### Task goal
Copy out all of the data word for word. Omit every picture.

### The data
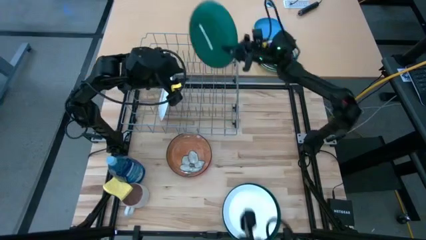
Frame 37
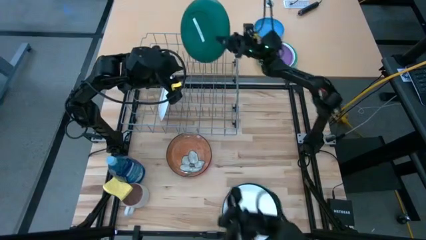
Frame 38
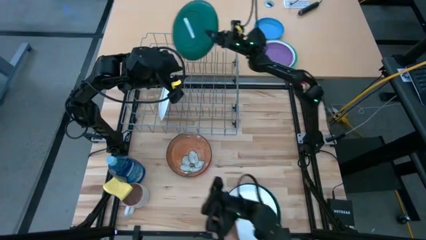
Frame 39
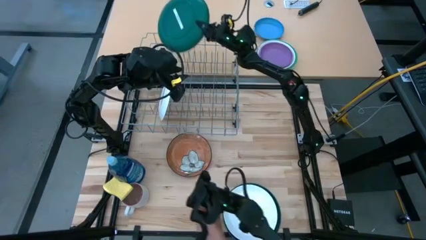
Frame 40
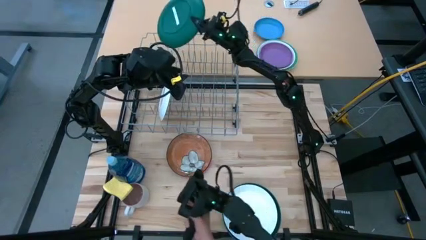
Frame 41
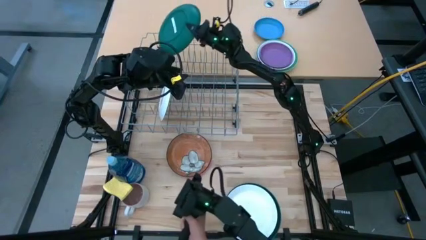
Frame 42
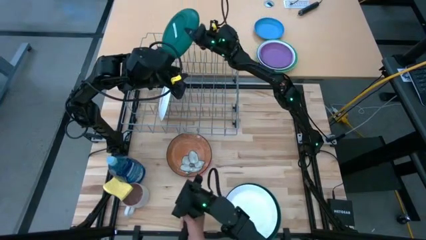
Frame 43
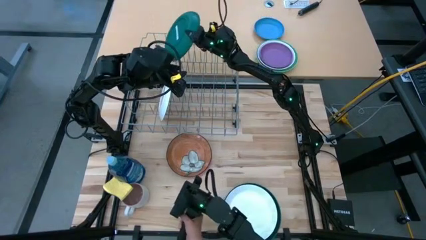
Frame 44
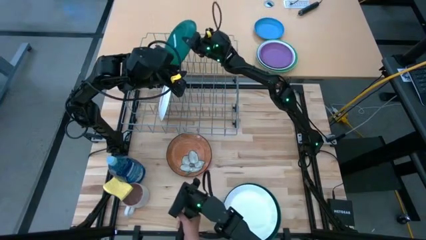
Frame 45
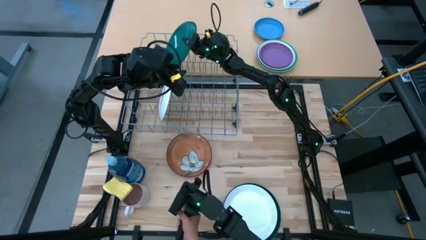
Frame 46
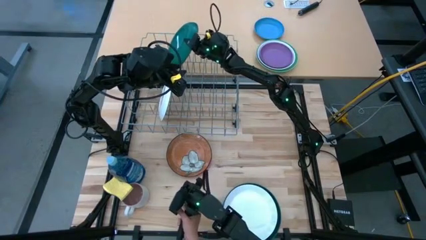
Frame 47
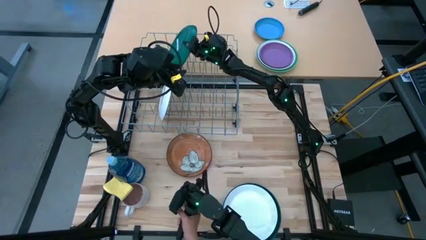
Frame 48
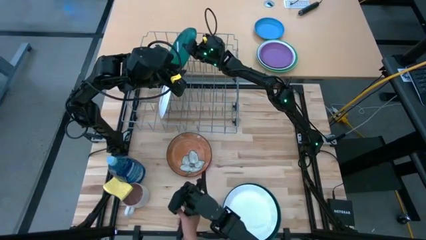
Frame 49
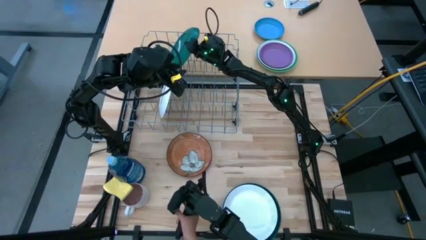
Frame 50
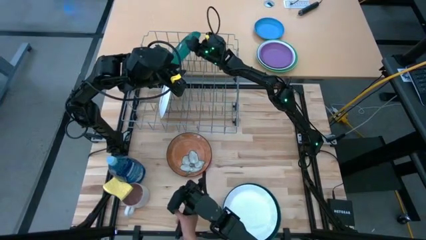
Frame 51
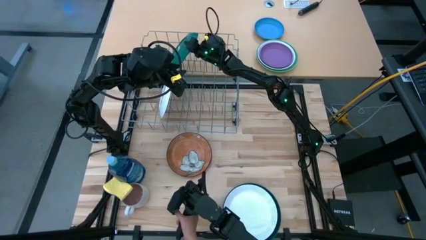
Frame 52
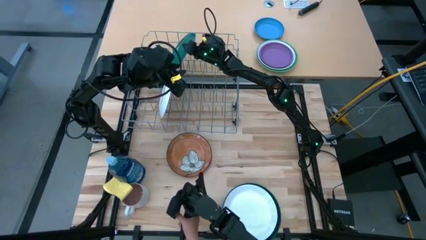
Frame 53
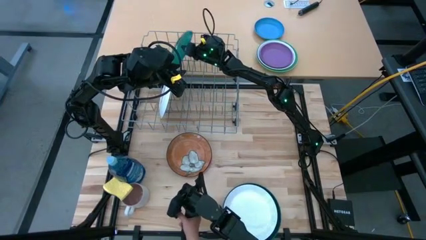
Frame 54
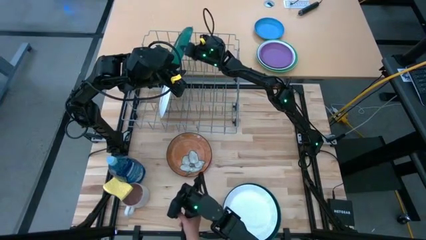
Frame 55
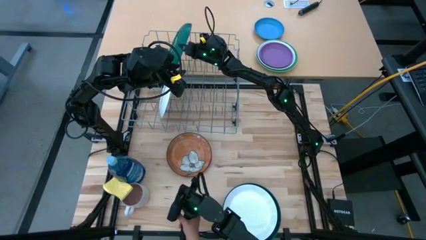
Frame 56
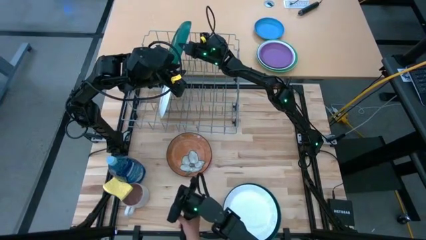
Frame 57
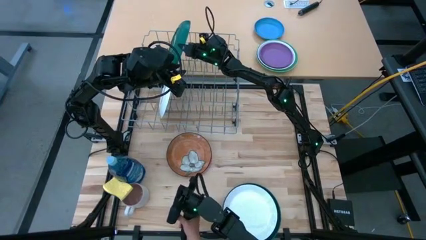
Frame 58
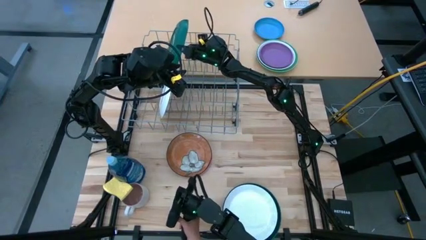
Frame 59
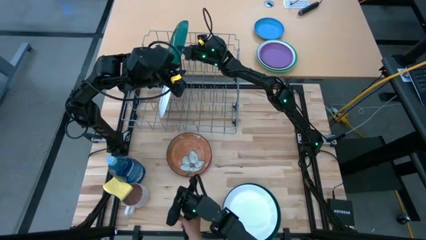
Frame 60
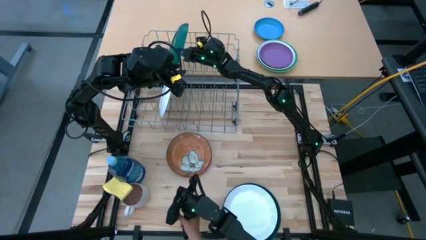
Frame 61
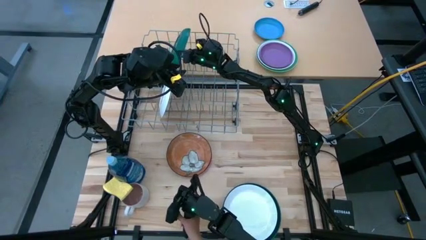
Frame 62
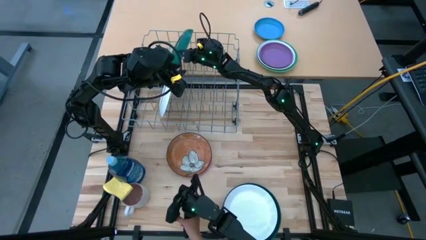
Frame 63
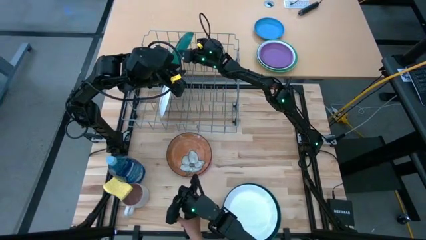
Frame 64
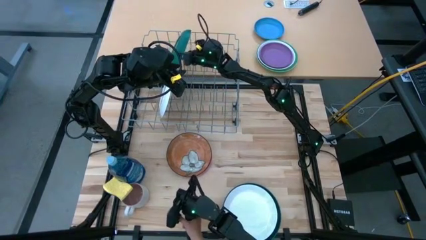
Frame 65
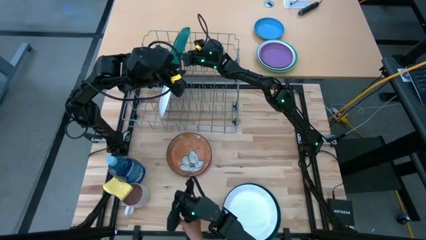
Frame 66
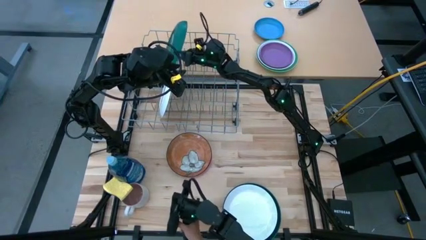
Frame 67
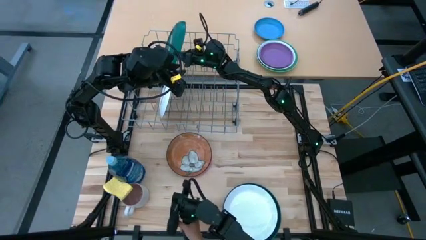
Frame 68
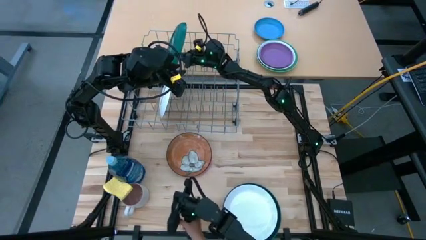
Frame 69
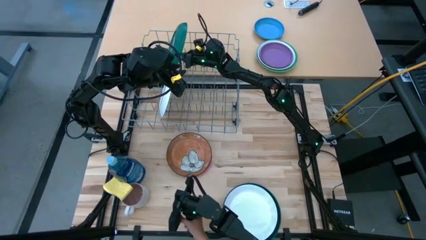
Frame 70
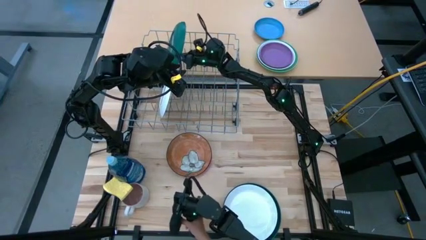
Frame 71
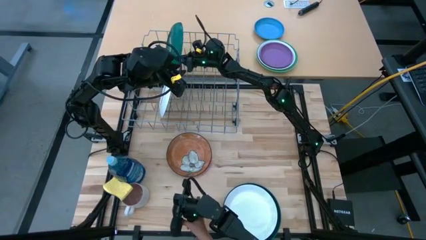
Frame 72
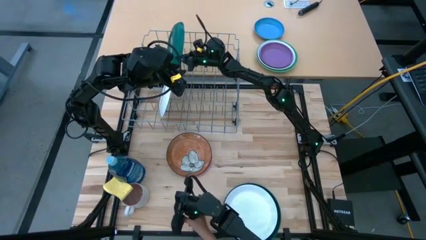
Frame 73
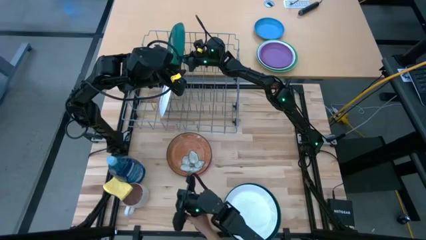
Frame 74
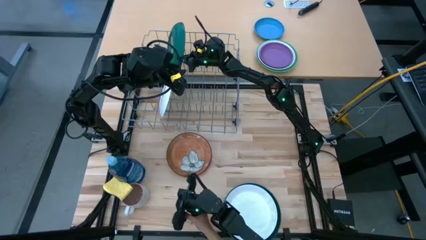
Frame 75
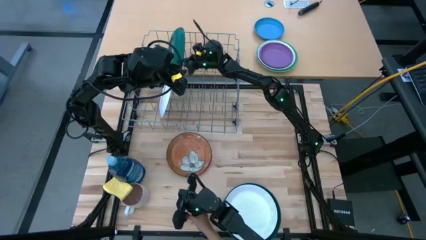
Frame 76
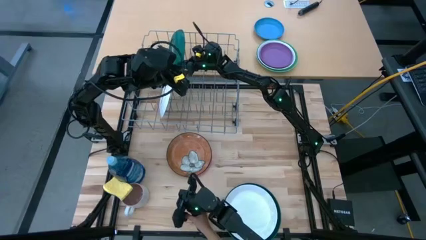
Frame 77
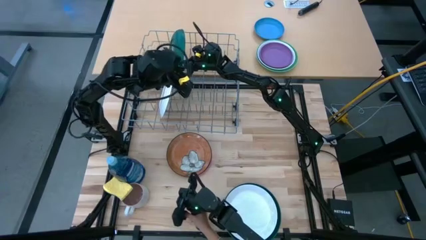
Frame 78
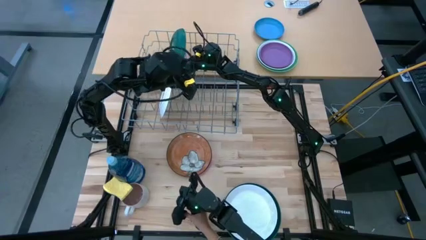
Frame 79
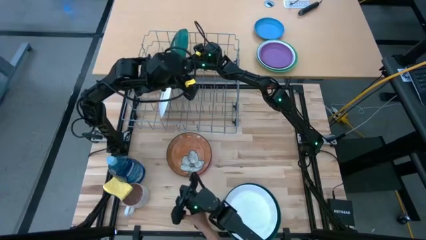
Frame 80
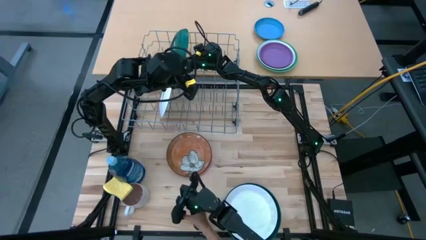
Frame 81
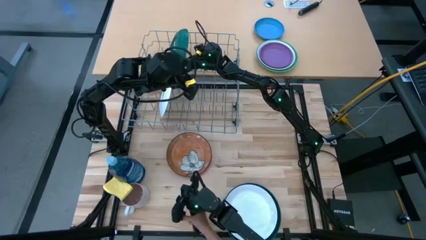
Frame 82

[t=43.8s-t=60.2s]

### Written answer
Frame 37
Frame 38
Frame 39
Frame 40
Frame 41
Frame 42
Frame 43
Frame 44
Frame 45
Frame 46
Frame 47
Frame 48
Frame 49
Frame 50
Frame 51
Frame 52
Frame 53
Frame 54
Frame 55
Frame 56
Frame 57
Frame 58
Frame 59
Frame 60
Frame 61
Frame 62
Frame 63
Frame 64
Frame 65
Frame 66
Frame 67
Frame 68
Frame 69
Frame 70
Frame 71
Frame 72
Frame 73
Frame 74
Frame 75
Frame 76
Frame 77
Frame 78
Frame 79
Frame 80
Frame 81
Frame 82

[t=43.8s-t=60.2s]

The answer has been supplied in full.